“Dunkirk” is Christopher Nolan At His Best and Bleakest

Hollywood’s foremost creative mind gives us his most harrowing work yet.

Matt Parent
4 min readAug 1, 2017

Not a single scene, image, or line of dialogue within Dunkirk reveals virtually any information beyond what matters to its lean, mean story . The only context we are given to explain exactly how 400,000 British soldiers found themselves stranded on the wrong side of the English Channel, waiting for their lives to be decided by one side of the war or the other, is a paragraph of opening text so vague that it simply dubs the enveloping German army as “the enemy”. The conclusion is just as enigmatic; once the miraculous evacuation of the beach is over, so is the movie. The credits begin without us learning what’s to come for any of the main characters, and if we didn’t know any better, we might assume the Allies would eventually go on to lose the war to their nameless, faceless foe.

No knowledge of the biggest, deadliest conflict in human history is granted within the film’s brisk running time, because it isn’t required. Dunkirk has no time for it because the people involved had no time for it. We only have to know what they had to know: the scream of a German fighter plane spiraling toward the beach, the quickest way out of a sinking destroyer, the amount of fuel left in Farrier’s (Tom Hardy) Spitfire, the obligatory motivation of Mr. Dawson’s (Mark Rylance) mission. In the film, these things draw the line between life and death; any wider perspective on World War II would be superfluous to what’s actually going on.

Dunkirk’s indifference toward stronger historical context was a noticeable paradigm shift for writer-director Christopher Nolan, whose preceding films averaged 145 minutes in length (Dunkirk is 106 minutes long) and largely ask more questions about their respective worlds than they answer. Likely the most renowned auteur among today’s blockbuster moviegoers, Nolan is nearly peerless as a force of big-budgeted originality in modern Hollywood. He has full creative control of his movies, which traditionally sell themselves on fantastical concepts and set pieces through which a marginalized story is told. He typically works through his stories a cinematic parkour runner, traveling from Point A to Point B in the most imaginative, memorable and, typically, practical ways he can.

The decision to make Dunkirk, then, was either an unassuming blessing or an ingenious bit of self-consciousness on Nolan’s part. The story is deceptively simple — it’s literally about getting from Point A to Point B — yet through Nolan’s sense of scope and the indomitable craft of his production, the film as a whole becomes an interwoven mosaic of dread on a massive scale. Dunkirk deserves to be described as an epic in a way that too few films made in the 21st century have warranted.

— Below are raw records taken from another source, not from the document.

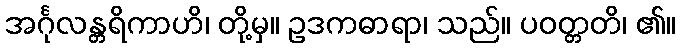
အင်္ဂုလန္တရိကာဟိ၊ တို့မှ။ ဥဒကဓာရာ၊ သည်။ ပဝတ္တတိ၊ ၏။
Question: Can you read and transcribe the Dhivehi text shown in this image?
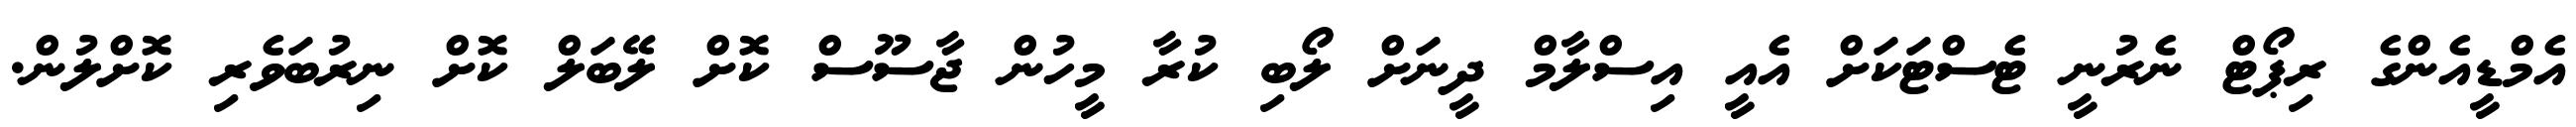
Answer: އެމްޑީއެންގެ ރިޕޯޓް ނެރުނީ ޓެސްޓަކަށް އެއީ އިސްލާމް ދީނަށް ލޯބި ކުރާ މީހުން ޖާސޫސް ކޮށް ލޭބަލް ކޮށް ނިރުބަވެރި ކޮށްލުން.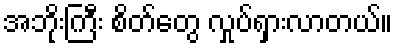
အဘိုးကြီး စိတ်တွေ လှုပ်ရှားလာတယ်။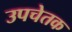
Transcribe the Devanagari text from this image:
उपचेतक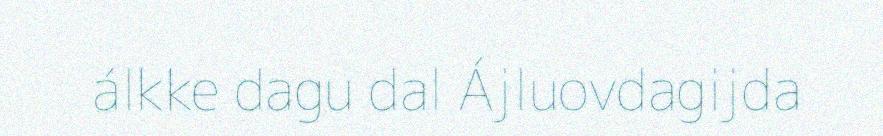
álkke dagu dal Ájluovdagijda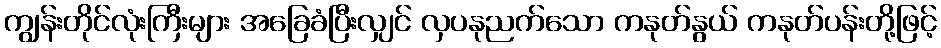
ကျွန်းတိုင်လုံးကြီးများ အခြေခံပြီးလျှင် လှပနုညက်သော ကနုတ်နွယ် ကနုတ်ပန်းတို့ဖြင့်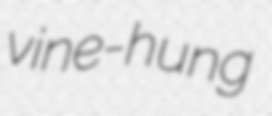
vine-hung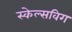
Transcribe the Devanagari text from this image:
स्केल्सविग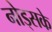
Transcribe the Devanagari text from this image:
नोड्सके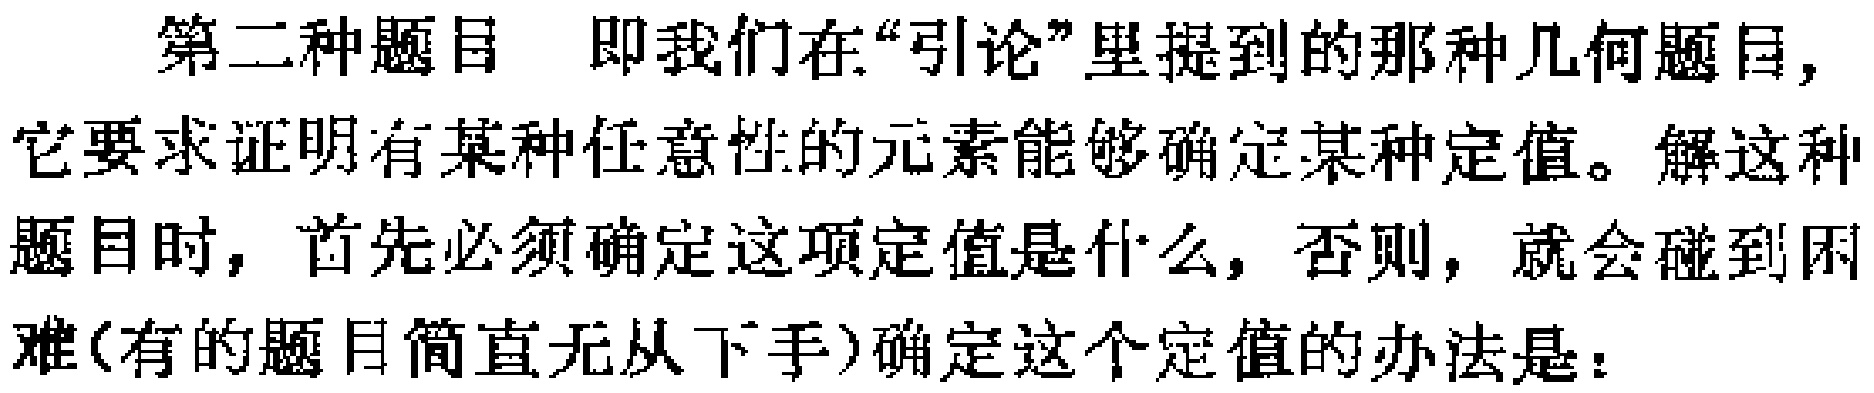
第二种题目 即我们在“引论”里提到的那种几何题目，它要求证明有某种任意性的元素能够确定某种定值。解这种题目时，首先必须确定这项定值是什么，否则，就会碰到困难(有的题目简直无从下手)确定这个定值的办法是：

As such, when one thinks of this movie, they probably first associate it with its terrifying set-pieces and grand aerial cinematography. It’s all terrific stuff, the reason why the film, and the memory of seeing it in theaters, stays with me. But for its part, Nolan’s screenwriting is not to be underestimated by its minimal use of dialogue: It wasn’t easy to tell this story the way he decided to tell it, but it works beautifully through a universal, unrelenting sense of tension inherent in its three vacillating segments (land, sea, air). Suspense is built with unnerving sequences that are almost cruel toward the characters in their abundance; there are three scenes devoted to characters trying not to drown, and that’s only one of the hazards the evacuation presents.

All of it is punctuated by Hans Zimmer’s pulsating, relentless musical score, for which the composer was nominated for an Oscar. If the image of dozens of helpless soldiers swim through an oil-soaked patch of ocean surrounded by burning boats and crashing planes wasn’t enough to induce the sense of panic Nolan was after, then Zimmer’s use of shrieking violins, electronic bass thwomps a lá Inception, and even Nolan’s own ticking pocket watch, more than does the trick.

Dunkirk is such a unique entry into Nolan’s filmography, and it is somewhat disappointing to his traditional style that I also consider it to be, far and away, his best movie to date. The talented and visionary director has certainly made films I’ve liked (The Dark Knight, The Prestige, the majority of Inception), but has otherwise run serious risk of delivering fare that I found to be too bloated and convoluted for a blockbuster’s own good (Interstellar, The Dark Knight Rises, the rest of Inception). Dunkirk is a sort of amalgamation of what Nolan does best: presenting a cinematic equipment of a roller coaster stripped of most components besides the spectacular experience and an emotional focal point. Perhaps that’s an indictment of his aptitude to tell a good story, but a version of Christopher Nolan who knows his strengths would come pretty close to my idea of a master.